Roki Sasaki had a rollercoaster of a rookie campaign – losing velo, losing command and losing time on the active roster (due to injury) before being resurrected when he was a reliever late in the season, a role in which he ultimately closed in and played a crucial role in the Dodgers’ successful title defense. It proved to be a temporary role as the club strengthened its armbarn with the high-profile addition of one Edwin Diaz.
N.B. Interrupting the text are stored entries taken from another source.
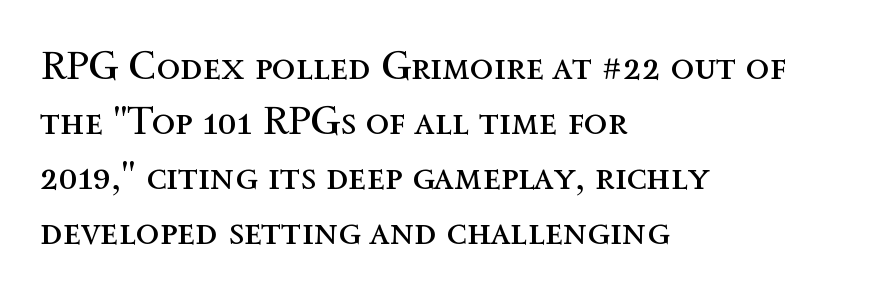
{"italic": "no", "bold": "no", "weight": "regular", "width": "normal", "x_height": "medium", "monospaced": "no", "underline": "no", "align": "left", "line_spacing": "normal", "line_spacing_ratio": 1.41, "letter_spacing": "normal", "letter_spacing_em": 0.0, "glyph_px": 39}
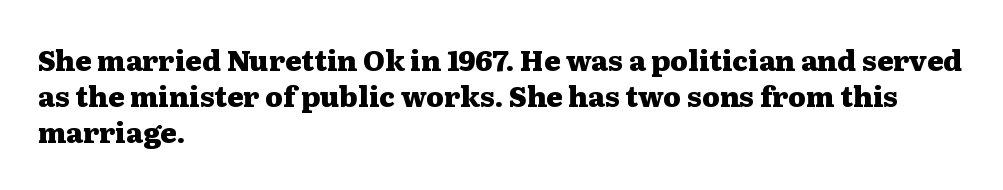
Q: Is the text bold? A: Yes.
Q: Is the text italic (slanted)? A: No, it is upright.
Q: Is the typeface a serif or a sans-serif typeface? A: Serif.
Q: Is the text underlined? A: No.
Q: How is the paragraph aligned? A: Left-aligned.
Q: Is the spacing between letters normal or unusually wide? A: Normal.
Q: Is the spacing between lines tight, normal or loose? A: Normal.
Q: Width (condensed, normal, or wide)? A: Wide.
Q: Stroke contrast? A: Medium.
Q: x-height? A: Medium.
Q: Monospaced? A: No.
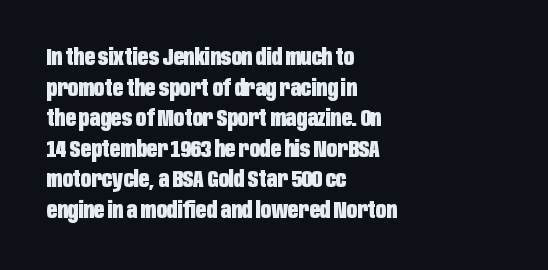
Q: Is the text bold? A: Yes.
Q: Is the text italic (slanted)? A: No, it is upright.
Q: Is the text underlined? A: No.
Q: How is the paragraph aligned? A: Left-aligned.
Q: Is the spacing between letters normal or unusually wide? A: Normal.
Q: Is the spacing between lines tight, normal or loose? A: Normal.
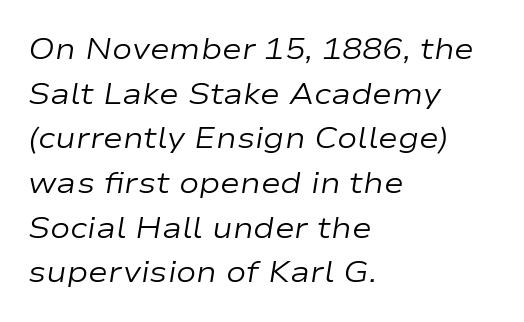
Q: Is the text bold? A: No.
Q: Is the text italic (slanted)? A: Yes, it leans right by about 9 degrees.
Q: Is the text underlined? A: No.
Q: How is the paragraph aligned? A: Left-aligned.
Q: Is the spacing between letters normal or unusually wide? A: Normal.
Q: Is the spacing between lines tight, normal or loose? A: Normal.
Q: Width (condensed, normal, or wide)? A: Wide.
Q: Stroke contrast? A: Low.
Q: x-height? A: Medium.
Q: Monospaced? A: No.

Of course Sasaki was a starter in Japan, he started here as a starter, and in a interview with Dylan Hernandez of the California Post, Dave Roberts said the Dodgers would give the lean righty every opportunity to be their fifth or sixth starter. But for The Monster of Reiwa Era to successfully return to that role, Roberts said the 24-year-old still needed to develop a third pitch. Roberts went on to say: “It will have to be something that goes to the left.A tough proposition considering the following: A) Sasaki doesn’t spin the ball exceptionally well, and B) attempts to develop his slider contributed to a forearm angle that messed up his mechanics and caused a drop in fastball velocity.
In fact, when Sasaki took his rehab assignment with Oklahoma City, he aimed to develop a “left-going” pitch while working on a cutter, an offering he threw 21 times before shelving it as a two-pitch reliever. So what about this cutter, and what, if anything, can we glean from what little it threw? Let’s find out.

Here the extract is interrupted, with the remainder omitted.